Joseph Crawford
Joseph Crawford•5w ago

Deno Memory Usage Increases, Does Not Decrease.

Good Morning, I am coming in here because we have several applications which we are using Deno to run them with, they all suffer from the same issue. One such application is a push service which is using Oak for routing and is a simple API which communicates with Redis to authenticate token requests as well as store a list of channels in a redis key so that we know what channels have subscriptions. There are only a few endpoints to subscribe, unsubscribe and to send a push notification into a redis queue for our consumer to process.
We have found that when running this application on our cloud provider that our Docker containers are consuming a lot of memory and eventually hit our scaling limits which cause auto scaling to add another container to the environment and the old one is taken down. The problem we are having is that this is constantly happening. We have noticed that memory usage is increasing but never decreasing. I would assume that memory would increase but that at some point that memory would be freed and the usage would return to the baseline. This is not happening. I am wondering if there are any Deno tools which could assist us in determining what is using and holding on to that memory. I looked at denosoar but that seems to be for small applications or at-least applications where you do not run them under Docker and do not need to send specific payloads to the endpoints.
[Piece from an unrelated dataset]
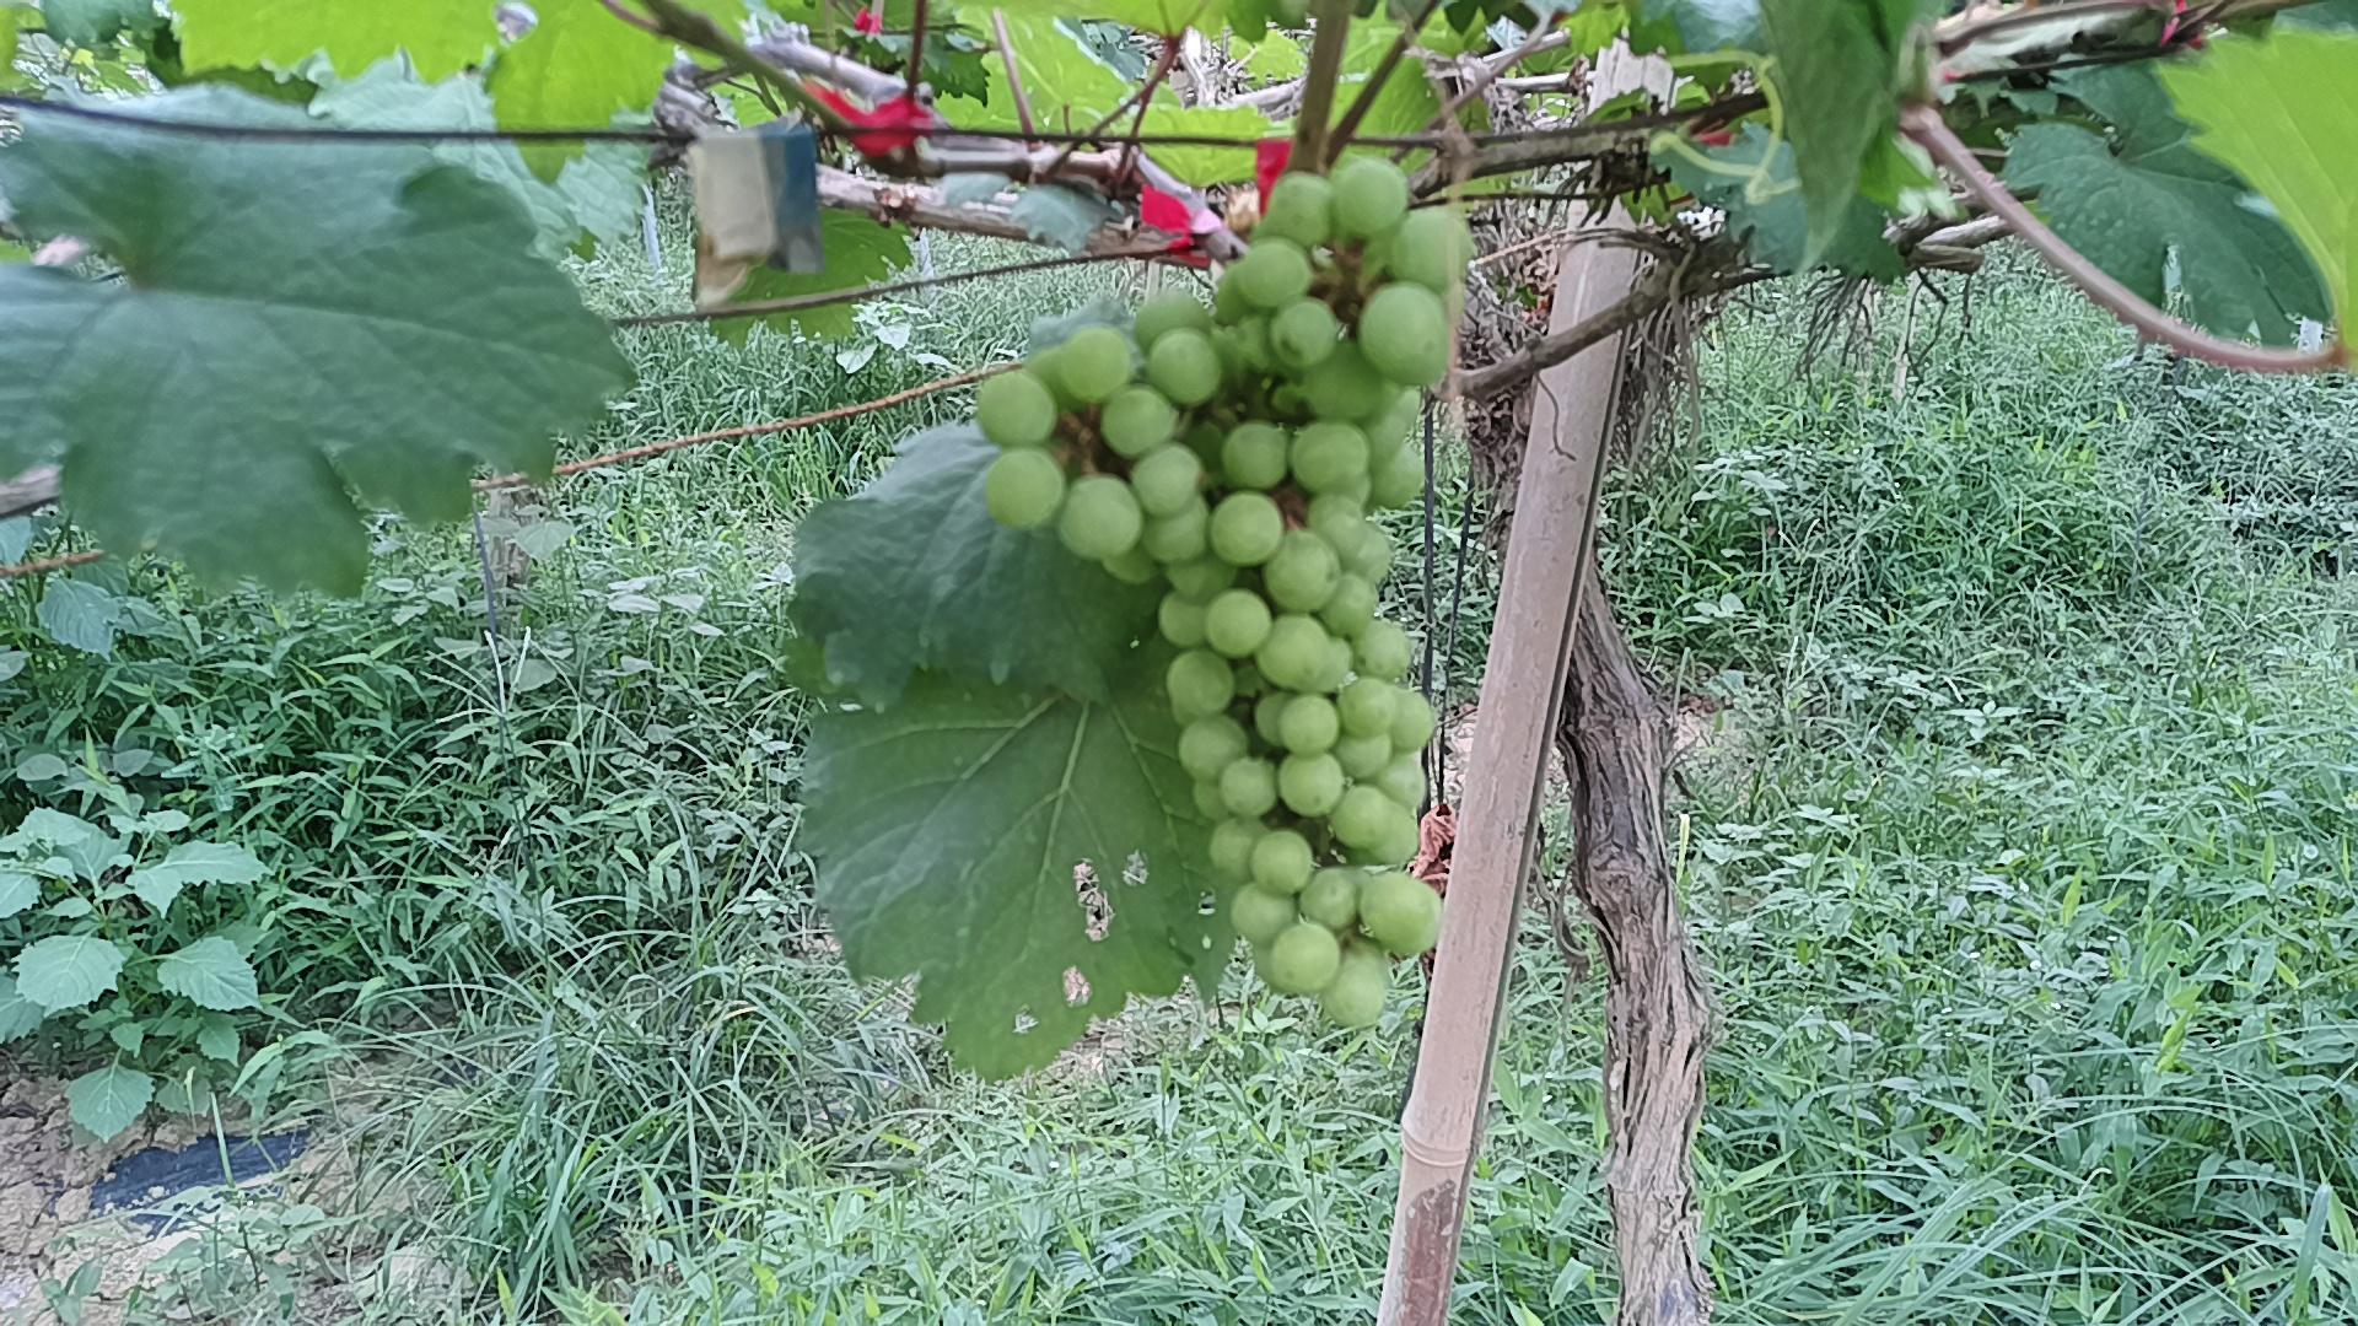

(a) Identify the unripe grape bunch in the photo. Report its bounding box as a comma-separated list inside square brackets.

We also tried to use Deno.memoryUsage and found that our RSS was 477 MB, heap was 13.5 MB, 11.9 MB heap used and 3.6 MB external. I am wondering what could be using so much under rss but not be part of any other metrics. I have attached a screenshot and as you can see the cliffs are when the memory usage triggers autoscaling, as you can also see from the screen shot is that the memory does not decrease to the baseline until scaling kicks in and the new container is put into rotation and the old container is taken down. Any suggestions or advice would be appreciated.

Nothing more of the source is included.